_EXERCISE REQUIREMENTS_. An image-free, word-for-word version of the records below is to be returned.

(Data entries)
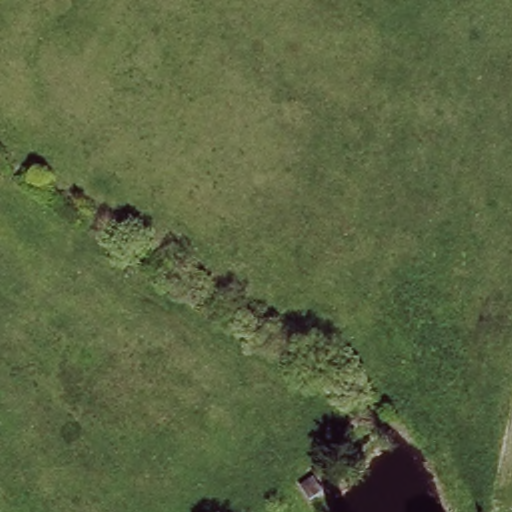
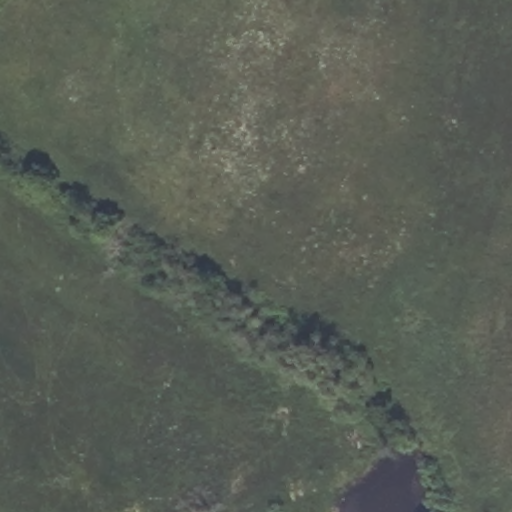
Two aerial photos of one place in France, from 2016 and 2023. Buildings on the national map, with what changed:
unchanged [(311,478),(321,492),(307,503),(297,488),(311,478)]

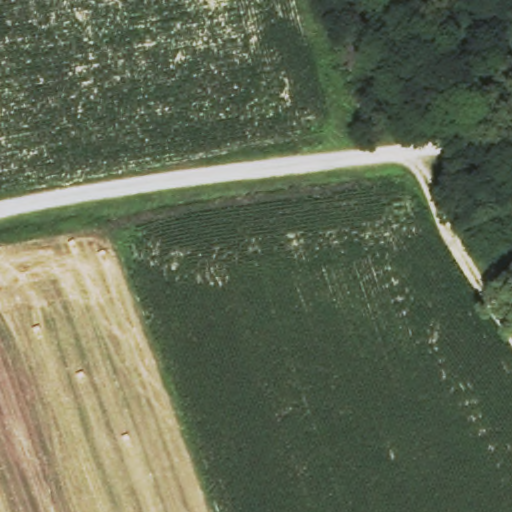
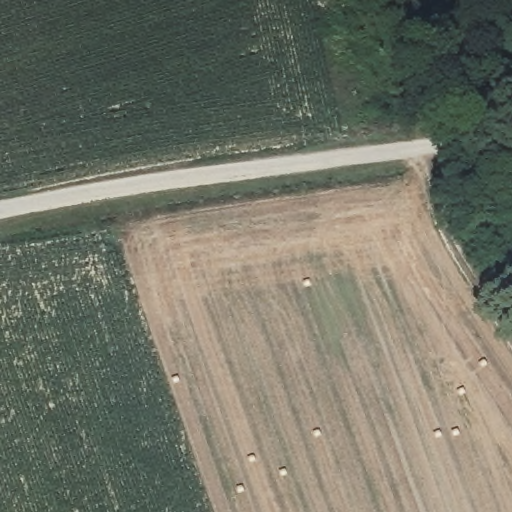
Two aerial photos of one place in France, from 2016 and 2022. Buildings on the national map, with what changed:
unchanged [(512,267),(512,285),(505,272),(512,267)]

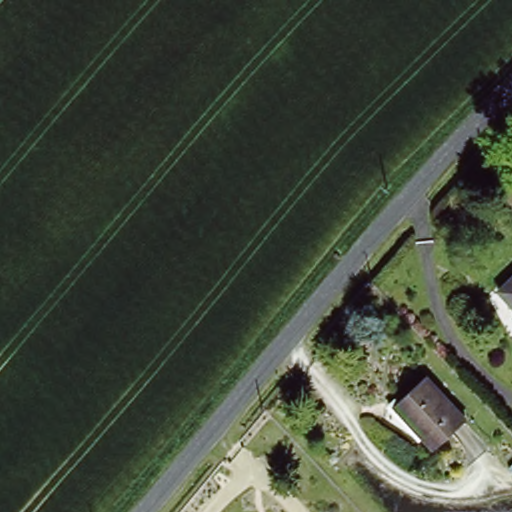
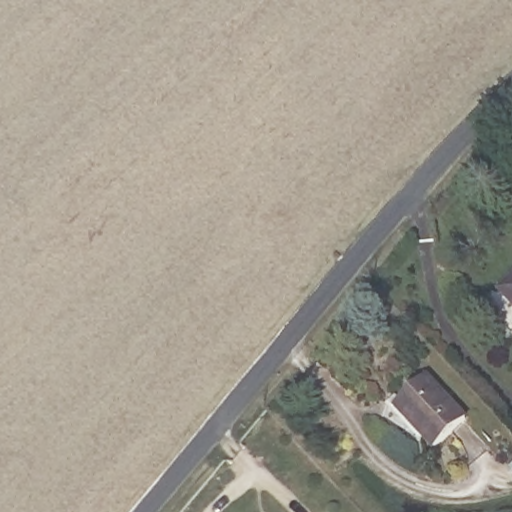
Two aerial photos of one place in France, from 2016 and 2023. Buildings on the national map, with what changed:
unchanged [(512,285),(512,306),(502,296),(512,285)]
unchanged [(425,385),(467,426),(437,456),(403,422),(409,417),(400,409),(425,385)]

_RESPONSE AREA_.
Two aerial photos of one place in France, from 2016 and 2023. Buildings on the national map, with what changed:
unchanged [(311,478),(321,492),(307,503),(297,488),(311,478)]

Two aerial photos of one place in France, from 2016 and 2022. Buildings on the national map, with what changed:
unchanged [(512,267),(512,285),(505,272),(512,267)]

Two aerial photos of one place in France, from 2016 and 2023. Buildings on the national map, with what changed:
unchanged [(512,285),(512,306),(502,296),(512,285)]
unchanged [(425,385),(467,426),(437,456),(403,422),(409,417),(400,409),(425,385)]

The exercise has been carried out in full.